Environment

A Journey down the World’s Deepest Hole Built by Soviet Scientists

A Journey down the World’s Deepest Hole Built by Soviet Scientists

The Cold War saw all sorts of scientific, military, cultural and technological peacocks, from sending turtles near the moon between the US and the Soviet Union to developing powerful preparatory bombs. But in the midst of all this muscle-flexible absorption, the deepest man-made hole on the planet remains less obscure than the Soviet feat of drilling. Known as the Kola Superdeep Borehole, the Kola Peninsula had ridiculously deep holes in the icy depths of northwestern Russia, not far from the Russian border with Norway.
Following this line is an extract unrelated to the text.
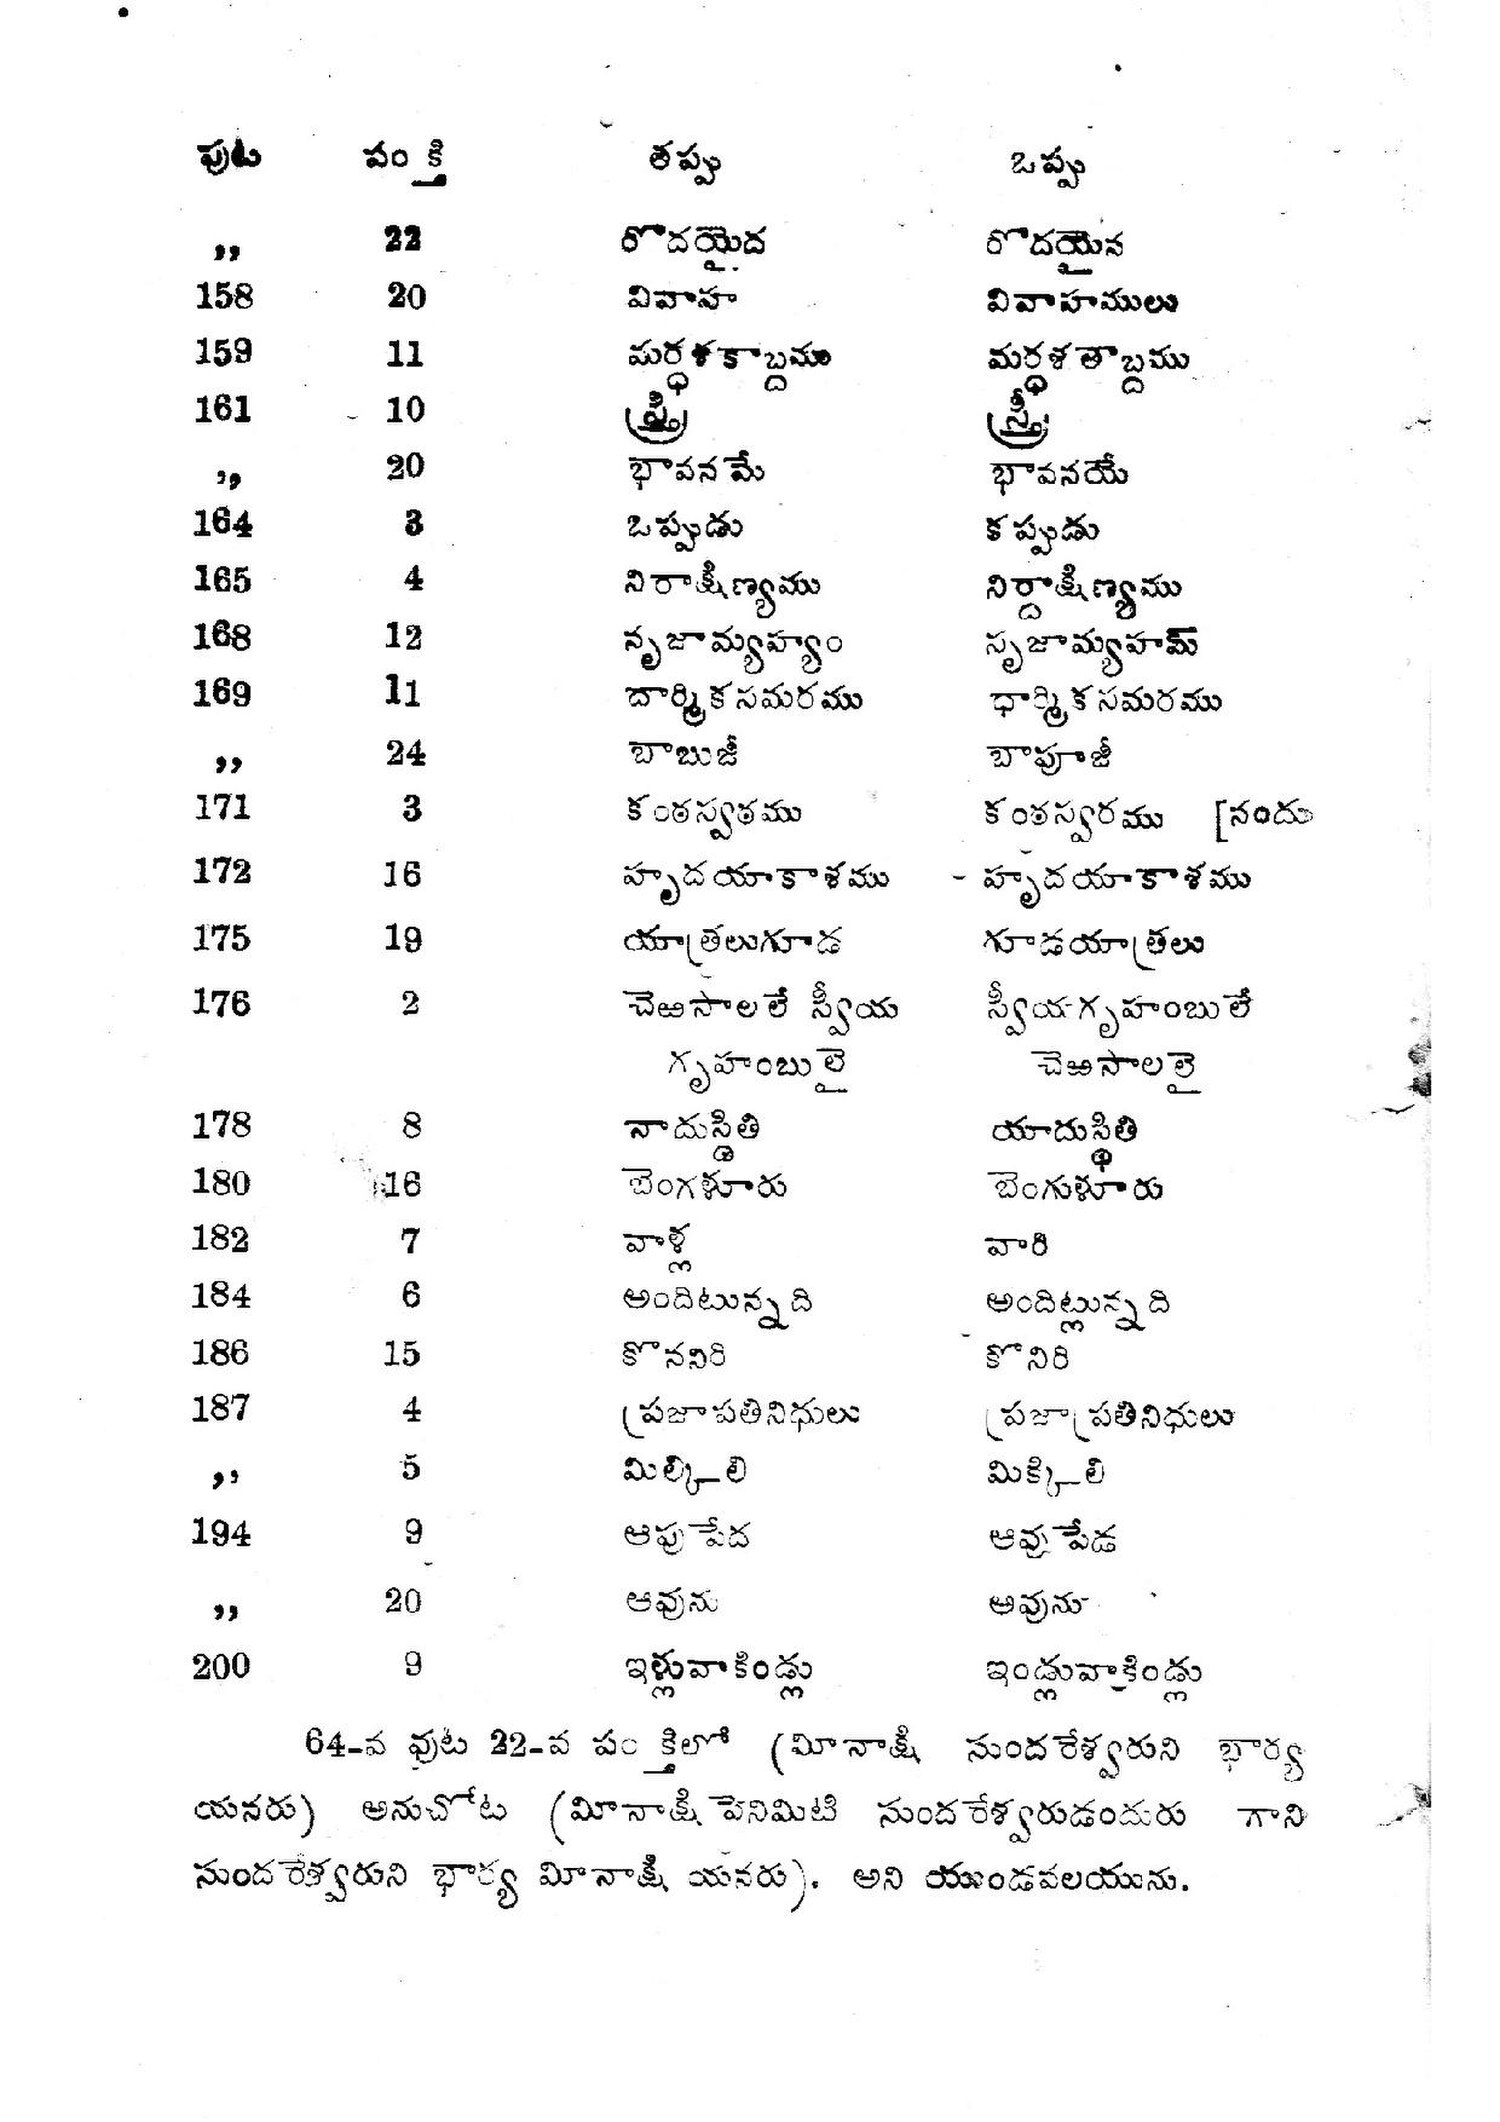పుట పంక్తి తప్పు ఒప్పు 156 22 రొదయైద రొదయైన 158 20 వివాహ వివాహములు 159 11 మర్ధశకాబ్దము మర్ధశతాబ్దము 161 10 స్త్రి స్త్రీ 161 20 భావనమే భావనయే 164 3 ఒప్పుడు కప్పుడు 165 4 నిరాక్షిణ్యము నిర్దాక్షిణ్యము 168 12 నృజామ్యహ్యం సృజామ్యహమ్ 169 11 దార్మికసమరము ధార్మికసమరము 169 24 బాబుజీ బాపూజీ 171 3 కంఠస్వఠము కంఠస్వరము 172 16 హృదయాకాశము హృదయాకాశమునందు 175 19 యాత్రలుగూడ గూడయాత్రలు 176 2 చెఱసాలలే స్వీయగృహంబులై స్వీయగృహంబులే చెఱసాలలై 178 8 నాదుస్థితి యాదుస్థితి 180 16 బెంగళూరు బెంగుళూరు 182 7 వాళ్ల వారి 184 6 అందిటున్నది అందిట్లున్నది 186 15 కొననిరి కొనిరి 187 4 ప్రజాపతినిధులు ప్రజాప్రతినిధులు 187 5 మిల్కిలి మిక్కిలి 194 9 ఆపుపేద ఆవుపేడ 194 20 ఆవును అవును 200 9 ఇళ్లువాకిండ్లు ఇండ్లువాకిండ్లు

64 - వ పుట 22 - వ పంక్తిలో (విూనాక్షి సుందరేశ్వరుని భార్య యనరు) అనుచోట (మీనాక్షి పెనిమిటి సుందరేశ్వరుడందురు గాని సుందరేశ్వరుని భార్య విూనాక్షి యనరు). అని యుండవలయును.

The borehole itself is made up of numerous holes that extend from a central hole, the deepest of which – the SG-3 – runs 12,261 meters (40,226 feet) deep into the Earth’s crust. Despite this powerful depth, the diameter of the hole is no larger than that of any dinner plate. For the view, the depth of the hole is the height at which Mount Everest and Mount Fuji are placed on top of each other. It is the deepest point in the ocean, deeper than the Mariana Trench, which stretches to a depth of 11,034 meters (36,201 feet) above sea level.

The Americans started this race in the hole of the earth. In the early 1960s, the United States launched Project Mohole, which sought to sample the boundary between the crust and the mantle through the crust, with the aim of drilling it from a ship near a volcanic island in the Mexican Pacific Ocean.

Unfortunately, the project was a flop and was eventually canned after it was engulfed by scientific opposition, mismanagement and money problems. In Russia, things went from bad to worse. Drilling began on May 24, 1970, shortly after the collapse of the Soviet Union, and lasted until 1992, when it was not just political turmoil and the cash crunch that ended the ambitious project. According to BBC Future, the temperature at the bottom of the hole reached a sizzling 180 degrees Celsius (or 356 degrees Fahrenheit) by the time drilling stopped, which was fatally higher than their models had predicted.